The most relevant options are:

| Option/Argument | Value | Note |
|:---|:---|:---|
| -f | data/hg19.ml.fa | Genome fasta. |
| -g | data/human.hg19.genome | Genome assembly chromosome length to bound gene sequences. |
| -o | rfx6_sad | Outplot plot directory. |
| --rc | True | Ensemble predictions for forward and reverse complement sequences. |
| --shift | 1,0,-1 | Ensemble predictions for sequences shifted by 1, 0, and -1 bp. |
| -t | data/heart_wigs.txt | Target labels. |
| params_file | models/params_small.json | JSON specified parameters to setup the model architecture and optimization. |
| model_file | models/heart/model_best.h5 | Trained saved model parameters. |
| vcf_file | data/rs339331.vcf | VCF file specifying variants to score. |

In [6]:
! basenji_sad.py -f data/hg19.ml.fa -o output/rfx6_sad --rc --shift "1,0,-1" -t data/heart_wigs.txt models/params_small.json models/heart/model_best.h5 data/rs339331.vcf

2021-02-12 15:49:10.346186: I tensorflow/compiler/jit/xla_cpu_device.cc:41] Not creating XLA devices, tf_xla_enable_xla_devices not set
2021-02-12 15:49:10.346327: I tensorflow/core/platform/cpu_feature_guard.cc:142] This TensorFlow binary is optimized with oneAPI Deep Neural Network Library (oneDNN) to use the following CPU instructions in performance-critical operations:  AVX2 FMA
To enable them in other operations, rebuild TensorFlow with the appropriate compiler flags.
Model: "model_1"
__________________________________________________________________________________________________
Layer (type)                    Output Shape         Param #     Connected to                     
sequence (InputLayer)           [(None, 131072, 4)]  0                                            
__________________________________________________________________________________________________
stochastic_reverse_complement ( ((None, 131072, 4),  0           sequence[0][0]                   
__________

## SNP activity difference output

The output HDF5 stores the SNP and target information and predicted scores.

In [9]:
sad_h5 = h5py.File('output/rfx6_sad/sad.h5', 'r')
list(sad_h5.keys())

['SAD',
 'SAD_pct',
 'alt_allele',
 'chr',
 'percentiles',
 'pos',
 'ref_allele',
 'snp',
 'target_ids',
 'target_labels']

In [11]:
for snp_key in ['snp', 'chr', 'pos', 'ref_allele']:
    print(snp_key, sad_h5[snp_key][:])

snp [b'rs339331']
chr [b'chr6']
pos [117210052]
ref_allele [b'T']


In [12]:
for ti in range(3):
    cols = (ti, sad_h5['SAD'][0,ti], sad_h5['target_ids'][ti], sad_h5['target_labels'][ti])
    print('%2d  %7.4f  %12s  %s' % cols)

 0   0.0018  b'CNhs11760'  b'aorta'
 1  -0.0014  b'CNhs12843'  b'artery'
 2  -0.0028  b'CNhs12856'  b'pulmonic_valve'


These are inconclusive small effect sizes, not surprising given that we're only studying heart CAGE. The proper cell types and experiments would shed more light.
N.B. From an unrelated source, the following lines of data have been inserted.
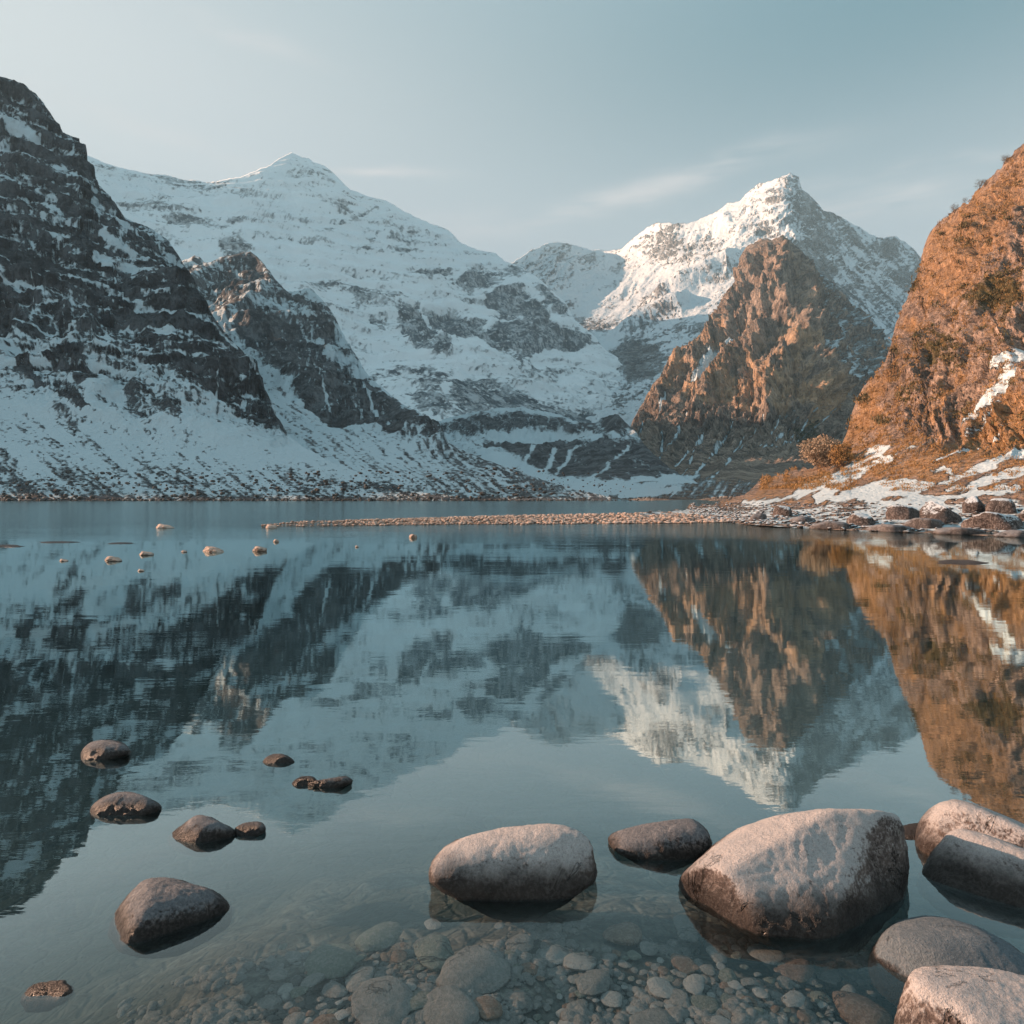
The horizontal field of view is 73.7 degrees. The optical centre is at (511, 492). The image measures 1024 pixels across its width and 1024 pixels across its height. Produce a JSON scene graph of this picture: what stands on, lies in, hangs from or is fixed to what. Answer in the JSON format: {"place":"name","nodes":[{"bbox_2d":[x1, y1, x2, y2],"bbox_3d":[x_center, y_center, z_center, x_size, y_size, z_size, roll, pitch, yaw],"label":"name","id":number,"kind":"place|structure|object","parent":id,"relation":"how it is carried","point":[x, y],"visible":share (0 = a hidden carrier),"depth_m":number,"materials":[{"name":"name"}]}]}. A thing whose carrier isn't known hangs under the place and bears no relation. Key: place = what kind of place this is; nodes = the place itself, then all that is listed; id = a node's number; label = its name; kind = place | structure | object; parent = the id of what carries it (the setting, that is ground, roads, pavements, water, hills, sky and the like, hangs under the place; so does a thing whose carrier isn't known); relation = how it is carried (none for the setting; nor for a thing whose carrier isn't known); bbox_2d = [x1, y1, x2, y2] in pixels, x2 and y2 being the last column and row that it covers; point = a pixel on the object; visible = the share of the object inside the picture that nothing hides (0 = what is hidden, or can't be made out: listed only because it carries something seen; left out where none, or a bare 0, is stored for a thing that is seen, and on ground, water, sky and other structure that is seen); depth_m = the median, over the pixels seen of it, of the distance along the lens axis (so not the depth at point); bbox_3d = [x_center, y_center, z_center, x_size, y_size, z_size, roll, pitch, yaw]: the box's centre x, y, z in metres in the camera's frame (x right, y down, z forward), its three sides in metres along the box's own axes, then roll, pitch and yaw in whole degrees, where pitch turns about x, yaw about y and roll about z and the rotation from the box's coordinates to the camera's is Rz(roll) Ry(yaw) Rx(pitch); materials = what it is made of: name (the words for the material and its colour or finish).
{"place":"outdoors","nodes":[
{"label":"outdoors","id":0,"kind":"place"},
{"bbox_2d":[0,77,467,500],"bbox_3d":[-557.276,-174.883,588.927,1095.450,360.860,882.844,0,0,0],"label":"mountain","id":1,"kind":"structure","parent":0,"point":[124,357],"depth_m":266.54,"materials":[{"name":"stone"}]},
{"bbox_2d":[0,467,638,500],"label":"shore rubble","id":2,"kind":"object","parent":1,"relation":"on","point":[335,496],"visible":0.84,"depth_m":153.60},
{"bbox_2d":[87,153,622,422],"bbox_3d":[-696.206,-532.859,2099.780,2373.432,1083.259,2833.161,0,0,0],"label":"mountain","id":3,"kind":"structure","parent":0,"point":[437,323],"depth_m":1632.83,"materials":[{"name":"snow"}]},
{"bbox_2d":[182,252,611,499],"bbox_3d":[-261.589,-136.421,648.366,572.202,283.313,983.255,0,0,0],"label":"mountain","id":4,"kind":"structure","parent":0,"point":[332,400],"depth_m":431.50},
{"bbox_2d":[261,511,745,526],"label":"gravel bar","id":5,"kind":"object","parent":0,"point":[601,518],"visible":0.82,"depth_m":40.26,"materials":[{"name":"gravel"}]},
{"bbox_2d":[0,499,1023,823],"bbox_3d":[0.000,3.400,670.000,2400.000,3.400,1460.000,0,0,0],"label":"lake water","id":6,"kind":"structure","parent":0,"point":[886,663],"depth_m":7.56,"materials":[{"name":"liquid"}]},
{"bbox_2d":[20,980,73,1012],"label":"stone","id":7,"kind":"object","parent":6,"relation":"in","point":[39,997],"visible":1,"depth_m":2.31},
{"bbox_2d":[81,740,130,759],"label":"boulder","id":8,"kind":"object","parent":6,"relation":"in","point":[103,749],"visible":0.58,"depth_m":4.38,"materials":[{"name":"stone"}]},
{"bbox_2d":[89,791,162,829],"bbox_3d":[-2.101,1.759,3.771,0.435,0.277,0.366,0,0,0],"label":"boulder","id":9,"kind":"object","parent":6,"relation":"in","point":[125,810],"visible":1,"depth_m":3.62,"materials":[{"name":"stone"}]},
{"bbox_2d":[108,877,231,958],"bbox_3d":[-1.426,1.778,2.873,0.460,0.375,0.551,0,0,-23],"label":"boulder","id":10,"kind":"object","parent":6,"relation":"in","point":[159,917],"visible":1,"depth_m":2.69,"materials":[{"name":"stone"}]},
{"bbox_2d":[167,815,237,856],"bbox_3d":[-1.553,1.747,3.474,0.359,0.260,0.324,0,0,0],"label":"boulder","id":11,"kind":"object","parent":6,"relation":"in","point":[201,836],"visible":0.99,"depth_m":3.35,"materials":[{"name":"stone"}]},
{"bbox_2d":[203,546,223,551],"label":"stone","id":12,"kind":"object","parent":6,"relation":"in","point":[210,549],"visible":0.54,"depth_m":19.67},
{"bbox_2d":[235,821,265,839],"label":"stone","id":13,"kind":"object","parent":6,"relation":"in","point":[251,830],"visible":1,"depth_m":3.40,"materials":[{"name":"stone"}]},
{"bbox_2d":[263,753,293,774],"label":"stone","id":14,"kind":"object","parent":6,"relation":"in","point":[278,758],"visible":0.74,"depth_m":4.31,"materials":[{"name":"stone"}]},
{"bbox_2d":[292,776,316,791],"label":"stone","id":15,"kind":"object","parent":6,"relation":"in","point":[300,783],"visible":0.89,"depth_m":3.98,"materials":[{"name":"stone"}]},
{"bbox_2d":[308,776,352,794],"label":"stone","id":16,"kind":"object","parent":6,"relation":"in","point":[332,786],"visible":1,"depth_m":3.95,"materials":[{"name":"stone"}]},
{"bbox_2d":[608,819,711,873],"bbox_3d":[0.721,1.744,3.354,0.510,0.312,0.394,0,0,0],"label":"boulder","id":17,"kind":"object","parent":6,"relation":"in","point":[663,847],"visible":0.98,"depth_m":3.20,"materials":[{"name":"stone"}]},
{"bbox_2d":[903,823,917,851],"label":"boulder","id":18,"kind":"object","parent":6,"relation":"in","point":[910,830],"visible":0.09,"depth_m":3.39,"materials":[{"name":"stone"}]},
{"bbox_2d":[937,559,988,564],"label":"flat rock","id":19,"kind":"object","parent":6,"relation":"in","point":[962,562],"visible":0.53,"depth_m":16.59,"materials":[{"name":"stone"}]},
{"bbox_2d":[915,799,1023,863],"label":"boulder","id":20,"kind":"object","parent":6,"relation":"in","point":[938,822],"visible":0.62,"depth_m":3.20,"materials":[{"name":"stone"}]},
{"bbox_2d":[916,829,1023,938],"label":"boulder","id":21,"kind":"object","parent":6,"relation":"in","point":[975,878],"visible":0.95,"depth_m":2.93,"materials":[{"name":"stone"}]},
{"bbox_2d":[0,755,1023,1023],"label":"lake bed","id":22,"kind":"object","parent":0,"point":[314,869],"visible":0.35,"depth_m":5.03,"materials":[{"name":"stone"}]},
{"bbox_2d":[259,994,282,1011],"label":"bed stone","id":23,"kind":"object","parent":22,"relation":"on","point":[270,1002],"visible":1,"depth_m":2.50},
{"bbox_2d":[267,967,287,981],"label":"bed stone","id":24,"kind":"object","parent":22,"relation":"on","point":[276,974],"visible":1,"depth_m":2.69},
{"bbox_2d":[277,983,293,995],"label":"bed stone","id":25,"kind":"object","parent":22,"relation":"on","point":[286,988],"visible":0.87,"depth_m":2.59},
{"bbox_2d":[285,951,302,962],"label":"bed stone","id":26,"kind":"object","parent":22,"relation":"on","point":[293,956],"visible":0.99,"depth_m":2.84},
{"bbox_2d":[283,1012,306,1023],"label":"bed stone","id":27,"kind":"object","parent":22,"relation":"on","point":[296,1018],"visible":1,"depth_m":2.37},
{"bbox_2d":[290,986,307,998],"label":"bed stone","id":28,"kind":"object","parent":22,"relation":"on","point":[296,992],"visible":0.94,"depth_m":2.54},
{"bbox_2d":[300,973,324,991],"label":"bed stone","id":29,"kind":"object","parent":22,"relation":"on","point":[312,981],"visible":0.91,"depth_m":2.61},
{"bbox_2d":[313,1014,344,1023],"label":"bed stone","id":30,"kind":"object","parent":22,"relation":"on","point":[326,1019],"visible":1,"depth_m":2.34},
{"bbox_2d":[304,943,356,979],"bbox_3d":[-0.734,1.898,2.774,0.231,0.057,0.216,0,0,24],"label":"bed stone","id":31,"kind":"object","parent":22,"relation":"on","point":[333,961],"visible":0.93,"depth_m":2.74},
{"bbox_2d":[321,981,348,998],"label":"bed stone","id":32,"kind":"object","parent":22,"relation":"on","point":[333,990],"visible":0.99,"depth_m":2.50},
{"bbox_2d":[334,1009,350,1020],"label":"bed stone","id":33,"kind":"object","parent":22,"relation":"on","point":[342,1014],"visible":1,"depth_m":2.36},
{"bbox_2d":[345,966,375,992],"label":"bed stone","id":34,"kind":"object","parent":22,"relation":"on","point":[355,978],"visible":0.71,"depth_m":2.56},
{"bbox_2d":[354,921,402,952],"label":"bed stone","id":35,"kind":"object","parent":22,"relation":"on","point":[381,936],"visible":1,"depth_m":2.89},
{"bbox_2d":[351,975,413,1023],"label":"bed stone","id":36,"kind":"object","parent":22,"relation":"on","point":[383,999],"visible":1,"depth_m":2.39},
{"bbox_2d":[391,949,406,962],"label":"bed stone","id":37,"kind":"object","parent":22,"relation":"on","point":[399,956],"visible":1,"depth_m":2.74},
{"bbox_2d":[398,960,413,970],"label":"bed stone","id":38,"kind":"object","parent":22,"relation":"on","point":[406,965],"visible":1,"depth_m":2.67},
{"bbox_2d":[409,990,429,1011],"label":"bed stone","id":39,"kind":"object","parent":22,"relation":"on","point":[418,1000],"visible":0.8,"depth_m":2.41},
{"bbox_2d":[415,1009,424,1021],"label":"bed stone","id":40,"kind":"object","parent":22,"relation":"on","point":[419,1016],"visible":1,"depth_m":2.34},
{"bbox_2d":[418,982,432,991],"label":"bed stone","id":41,"kind":"object","parent":22,"relation":"on","point":[426,986],"visible":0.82,"depth_m":2.50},
{"bbox_2d":[424,919,441,930],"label":"bed stone","id":42,"kind":"object","parent":22,"relation":"on","point":[432,924],"visible":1,"depth_m":2.96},
{"bbox_2d":[414,934,453,971],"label":"bed stone","id":43,"kind":"object","parent":22,"relation":"on","point":[433,952],"visible":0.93,"depth_m":2.71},
{"bbox_2d":[422,984,479,1023],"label":"bed stone","id":44,"kind":"object","parent":22,"relation":"on","point":[450,1004],"visible":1,"depth_m":2.36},
{"bbox_2d":[437,946,510,994],"bbox_3d":[-0.145,1.808,2.582,0.283,0.076,0.238,0,0,-14],"label":"bed stone","id":45,"kind":"object","parent":22,"relation":"on","point":[480,970],"visible":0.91,"depth_m":2.55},
{"bbox_2d":[473,996,502,1020],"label":"bed stone","id":46,"kind":"object","parent":22,"relation":"on","point":[490,1008],"visible":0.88,"depth_m":2.38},
{"bbox_2d":[116,918,896,1023],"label":"pebbles","id":47,"kind":"object","parent":22,"relation":"on","point":[220,1008],"visible":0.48,"depth_m":2.65,"materials":[{"name":"stone"}]},
{"bbox_2d":[428,823,597,921],"bbox_3d":[0.004,1.736,3.099,0.744,0.483,0.506,0,0,0],"label":"boulder","id":48,"kind":"object","parent":22,"relation":"on","point":[518,873],"visible":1,"depth_m":2.91,"materials":[{"name":"stone"}]},
{"bbox_2d":[504,990,533,1013],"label":"bed stone","id":49,"kind":"object","parent":22,"relation":"on","point":[525,1000],"visible":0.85,"depth_m":2.46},
{"bbox_2d":[505,933,534,951],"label":"bed stone","id":50,"kind":"object","parent":22,"relation":"on","point":[521,942],"visible":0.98,"depth_m":2.78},
{"bbox_2d":[522,962,538,975],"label":"bed stone","id":51,"kind":"object","parent":22,"relation":"on","point":[531,968],"visible":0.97,"depth_m":2.65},
{"bbox_2d":[536,944,570,964],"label":"bed stone","id":52,"kind":"object","parent":22,"relation":"on","point":[555,954],"visible":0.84,"depth_m":2.75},
{"bbox_2d":[563,952,596,971],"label":"bed stone","id":53,"kind":"object","parent":22,"relation":"on","point":[580,962],"visible":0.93,"depth_m":2.69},
{"bbox_2d":[575,969,610,995],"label":"bed stone","id":54,"kind":"object","parent":22,"relation":"on","point":[592,982],"visible":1,"depth_m":2.56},
{"bbox_2d":[600,991,621,1007],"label":"bed stone","id":55,"kind":"object","parent":22,"relation":"on","point":[613,999],"visible":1,"depth_m":2.49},
{"bbox_2d":[602,922,641,945],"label":"bed stone","id":56,"kind":"object","parent":22,"relation":"on","point":[626,933],"visible":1,"depth_m":2.87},
{"bbox_2d":[626,1005,641,1013],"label":"bed stone","id":57,"kind":"object","parent":22,"relation":"on","point":[631,1009],"visible":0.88,"depth_m":2.44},
{"bbox_2d":[627,950,641,960],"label":"bed stone","id":58,"kind":"object","parent":22,"relation":"on","point":[634,955],"visible":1,"depth_m":2.75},
{"bbox_2d":[640,941,658,955],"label":"bed stone","id":59,"kind":"object","parent":22,"relation":"on","point":[649,948],"visible":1,"depth_m":2.79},
{"bbox_2d":[629,1007,675,1023],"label":"bed stone","id":60,"kind":"object","parent":22,"relation":"on","point":[656,1015],"visible":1,"depth_m":2.38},
{"bbox_2d":[647,977,674,998],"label":"bed stone","id":61,"kind":"object","parent":22,"relation":"on","point":[659,987],"visible":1,"depth_m":2.53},
{"bbox_2d":[669,988,689,1007],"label":"bed stone","id":62,"kind":"object","parent":22,"relation":"on","point":[678,997],"visible":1,"depth_m":2.47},
{"bbox_2d":[670,953,695,974],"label":"bed stone","id":63,"kind":"object","parent":22,"relation":"on","point":[682,963],"visible":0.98,"depth_m":2.68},
{"bbox_2d":[673,914,701,941],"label":"bed stone","id":64,"kind":"object","parent":22,"relation":"on","point":[688,929],"visible":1,"depth_m":2.93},
{"bbox_2d":[683,974,705,994],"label":"bed stone","id":65,"kind":"object","parent":22,"relation":"on","point":[693,984],"visible":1,"depth_m":2.54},
{"bbox_2d":[690,995,720,1013],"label":"bed stone","id":66,"kind":"object","parent":22,"relation":"on","point":[711,1005],"visible":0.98,"depth_m":2.45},
{"bbox_2d":[699,964,715,975],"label":"bed stone","id":67,"kind":"object","parent":22,"relation":"on","point":[707,969],"visible":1,"depth_m":2.64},
{"bbox_2d":[706,946,726,963],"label":"bed stone","id":68,"kind":"object","parent":22,"relation":"on","point":[716,954],"visible":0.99,"depth_m":2.73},
{"bbox_2d":[710,1015,730,1023],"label":"bed stone","id":69,"kind":"object","parent":22,"relation":"on","point":[718,1019],"visible":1,"depth_m":2.36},
{"bbox_2d":[718,968,736,981],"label":"bed stone","id":70,"kind":"object","parent":22,"relation":"on","point":[727,975],"visible":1,"depth_m":2.59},
{"bbox_2d":[727,980,743,989],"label":"bed stone","id":71,"kind":"object","parent":22,"relation":"on","point":[735,984],"visible":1,"depth_m":2.54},
{"bbox_2d":[740,978,758,986],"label":"bed stone","id":72,"kind":"object","parent":22,"relation":"on","point":[748,982],"visible":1,"depth_m":2.54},
{"bbox_2d":[752,987,768,998],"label":"bed stone","id":73,"kind":"object","parent":22,"relation":"on","point":[760,993],"visible":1,"depth_m":2.50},
{"bbox_2d":[747,944,784,964],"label":"bed stone","id":74,"kind":"object","parent":22,"relation":"on","point":[766,954],"visible":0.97,"depth_m":2.73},
{"bbox_2d":[777,975,794,988],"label":"bed stone","id":75,"kind":"object","parent":22,"relation":"on","point":[784,982],"visible":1,"depth_m":2.57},
{"bbox_2d":[781,990,804,1007],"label":"bed stone","id":76,"kind":"object","parent":22,"relation":"on","point":[793,999],"visible":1,"depth_m":2.46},
{"bbox_2d":[678,808,909,961],"bbox_3d":[1.255,1.709,2.959,1.082,0.698,0.724,0,0,0],"label":"boulder","id":77,"kind":"object","parent":22,"relation":"on","point":[822,885],"visible":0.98,"depth_m":2.77,"materials":[{"name":"stone"}]},
{"bbox_2d":[777,958,814,982],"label":"bed stone","id":78,"kind":"object","parent":22,"relation":"on","point":[801,970],"visible":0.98,"depth_m":2.65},
{"bbox_2d":[797,1010,810,1022],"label":"bed stone","id":79,"kind":"object","parent":22,"relation":"on","point":[803,1016],"visible":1,"depth_m":2.37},
{"bbox_2d":[810,991,830,1003],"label":"bed stone","id":80,"kind":"object","parent":22,"relation":"on","point":[817,996],"visible":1,"depth_m":2.50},
{"bbox_2d":[817,967,839,984],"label":"bed stone","id":81,"kind":"object","parent":22,"relation":"on","point":[831,975],"visible":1,"depth_m":2.67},
{"bbox_2d":[836,961,857,976],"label":"bed stone","id":82,"kind":"object","parent":22,"relation":"on","point":[845,968],"visible":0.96,"depth_m":2.77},
{"bbox_2d":[840,984,855,992],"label":"bed stone","id":83,"kind":"object","parent":22,"relation":"on","point":[849,988],"visible":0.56,"depth_m":2.58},
{"bbox_2d":[832,990,893,1023],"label":"bed stone","id":84,"kind":"object","parent":22,"relation":"on","point":[853,1008],"visible":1,"depth_m":2.41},
{"bbox_2d":[857,955,868,965],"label":"bed stone","id":85,"kind":"object","parent":22,"relation":"on","point":[862,960],"visible":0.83,"depth_m":2.87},
{"bbox_2d":[868,915,1023,1006],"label":"boulder","id":86,"kind":"object","parent":22,"relation":"on","point":[901,951],"visible":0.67,"depth_m":2.45,"materials":[{"name":"stone"}]},
{"bbox_2d":[894,965,1023,1023],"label":"boulder","id":87,"kind":"object","parent":22,"relation":"on","point":[944,994],"visible":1,"depth_m":2.04,"materials":[{"name":"stone"}]},
{"bbox_2d":[0,0,1023,262],"label":"sky","id":88,"kind":"structure","parent":0,"point":[511,128],"materials":[{"name":"blue"}]},
{"bbox_2d":[439,406,696,493],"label":"hill","id":89,"kind":"structure","parent":0,"point":[530,442],"depth_m":482.89,"materials":[{"name":"snow"}]},
{"bbox_2d":[512,173,920,426],"bbox_3d":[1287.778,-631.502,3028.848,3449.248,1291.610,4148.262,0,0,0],"label":"mountain","id":90,"kind":"structure","parent":0,"point":[642,305],"depth_m":2597.33,"materials":[{"name":"snow"}]},
{"bbox_2d":[601,235,890,500],"bbox_3d":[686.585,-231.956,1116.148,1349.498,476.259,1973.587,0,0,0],"label":"mountain","id":91,"kind":"structure","parent":0,"point":[776,361],"depth_m":822.42,"materials":[{"name":"stone"}]},
{"bbox_2d":[640,144,1023,535],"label":"hill","id":92,"kind":"structure","parent":0,"point":[866,490],"depth_m":99.06,"materials":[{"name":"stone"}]},
{"bbox_2d":[750,513,766,520],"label":"boulder","id":93,"kind":"object","parent":92,"relation":"on","point":[757,516],"visible":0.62,"depth_m":38.70,"materials":[{"name":"stone"}]},
{"bbox_2d":[772,505,792,516],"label":"boulder","id":94,"kind":"object","parent":92,"relation":"on","point":[785,511],"visible":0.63,"depth_m":40.92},
{"bbox_2d":[789,516,815,522],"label":"boulder","id":95,"kind":"object","parent":92,"relation":"on","point":[803,519],"visible":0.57,"depth_m":36.11,"materials":[{"name":"stone"}]},
{"bbox_2d":[797,434,840,468],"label":"shrub","id":96,"kind":"object","parent":92,"relation":"on","point":[817,452],"visible":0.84,"depth_m":99.70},
{"bbox_2d":[809,521,848,528],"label":"boulder","id":97,"kind":"object","parent":92,"relation":"on","point":[830,524],"visible":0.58,"depth_m":31.90,"materials":[{"name":"stone"}]},
{"bbox_2d":[828,442,853,466],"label":"shrub","id":98,"kind":"object","parent":92,"relation":"on","point":[842,454],"visible":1,"depth_m":93.02,"materials":[{"name":"orange plant"}]},
{"bbox_2d":[688,502,1023,532],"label":"bank rubble","id":99,"kind":"object","parent":92,"relation":"on","point":[735,514],"visible":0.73,"depth_m":41.24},
{"bbox_2d":[846,513,874,525],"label":"boulder","id":100,"kind":"object","parent":92,"relation":"on","point":[859,519],"visible":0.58,"depth_m":32.89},
{"bbox_2d":[866,524,914,531],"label":"boulder","id":101,"kind":"object","parent":92,"relation":"on","point":[887,528],"visible":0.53,"depth_m":29.68,"materials":[{"name":"stone"}]},
{"bbox_2d":[885,505,919,519],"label":"boulder","id":102,"kind":"object","parent":92,"relation":"on","point":[895,512],"visible":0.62,"depth_m":34.32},
{"bbox_2d":[902,518,944,528],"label":"boulder","id":103,"kind":"object","parent":92,"relation":"on","point":[926,523],"visible":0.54,"depth_m":30.48,"materials":[{"name":"stone"}]},
{"bbox_2d":[847,179,1023,428],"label":"scrub","id":104,"kind":"object","parent":92,"relation":"on","point":[863,399],"visible":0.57,"depth_m":129.22,"materials":[{"name":"brown plant"}]},
{"bbox_2d":[919,501,961,523],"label":"boulder","id":105,"kind":"object","parent":92,"relation":"on","point":[935,510],"visible":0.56,"depth_m":32.04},
{"bbox_2d":[933,527,985,534],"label":"boulder","id":106,"kind":"object","parent":92,"relation":"on","point":[955,531],"visible":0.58,"depth_m":27.78,"materials":[{"name":"stone"}]},
{"bbox_2d":[962,496,984,512],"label":"boulder","id":107,"kind":"object","parent":92,"relation":"on","point":[972,504],"visible":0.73,"depth_m":34.62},
{"bbox_2d":[961,512,1022,529],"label":"boulder","id":108,"kind":"object","parent":92,"relation":"on","point":[989,520],"visible":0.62,"depth_m":28.80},
{"bbox_2d":[985,498,1016,513],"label":"boulder","id":109,"kind":"object","parent":92,"relation":"on","point":[1002,505],"visible":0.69,"depth_m":33.48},
{"bbox_2d":[993,530,1023,537],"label":"boulder","id":110,"kind":"object","parent":92,"relation":"on","point":[1014,533],"visible":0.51,"depth_m":26.20,"materials":[{"name":"stone"}]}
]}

## SNP expression difference compute

Alternatively, we can directly query the predictions at gene TSS's. Since moving the codebase to Tensorflow2, these scripts need to be rewritten. In my experience thus far, the more general SNP scores above work well for nearly all applications. The model isn't terribly good at predicting that one gene versus another will be more affected right now.